I have a very huge PDF document ,of which, when I extract the contents using PyPDF library and send it over the chatCompletion API in GPT 4.0, I get ‘Tokens exceeded’ error. I think max token size allowed is around 8000 tokens approximately, in the type of the GPT 4.0 that I am using.
Is there a way, if I break this document into multiple chunks, to send these chunks in a sequence through API, so that the model can remember the complete document ,at the end, and then I can ask a particular question based on this complete document through ChatCompletion API?
P.S. I am new to this technology and these APIs. So kindly excuse me if this seems to be a basic question.
Hi @shripati007 - welcome! Before looking at more complex solutions, is anything holding you back from using the GPT-4-turbo model, which has a context window of 128k (equivalent to 300+ pages)? Given you are already using GPT-4, this would likely be the easiest solution.
As regards your idea with chunks: the API would not be able to remember the individual pieces, so every call would be treated separately. However, there are (likely) still ways for you to generate an answer through this iterative mechanism in the event that you can’t switch to GPT-4-turbo.
Hi @jr.2509 - Thanks for your useful response. The thing is we would soon receive the access for the GPT Turbo with 128k tokens, that you mentioned, and it might largely address the current document size that I have. But the challenge is, the size of this document is expected to grow every quarter, with incremental addition of new content. So I was looking for a long term and viable solution which can help in scaling this growing document size over a period of time. If you have any such solution in mind, please let me know. Thanks again!

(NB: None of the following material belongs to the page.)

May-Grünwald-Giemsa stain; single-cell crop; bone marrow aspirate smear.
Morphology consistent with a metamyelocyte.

Using embeddings: you could chunk the document and then create an embedding for each chunk and then use embeddings-based search to obtain an answer to the question… If the base document stays the same, then you could just create embeddings for the incremental additions that you add to your existing embeddings. If the whole document changes, you’d have to re-create the embeddings over and over again.

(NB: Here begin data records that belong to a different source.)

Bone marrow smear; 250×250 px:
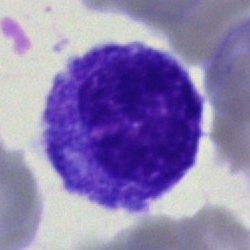
Morphology consistent with a promyelocyte.
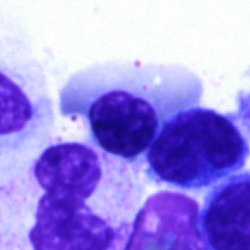Impression — nucleated red cell.

The chunking approach whereby you feed a chunk of the document as part of the prompt along with the question. You then keep the answer as a variable and feed it into the next API call as part of the prompt, asking the model to refine the answer based on the new information (i.e. your next chunk). You repeat that process with all your chunks and in the end you should have an answer that has considered all the information. There’s a risk that you may lose some context, but that somewhat depends on the nature of your information and questions.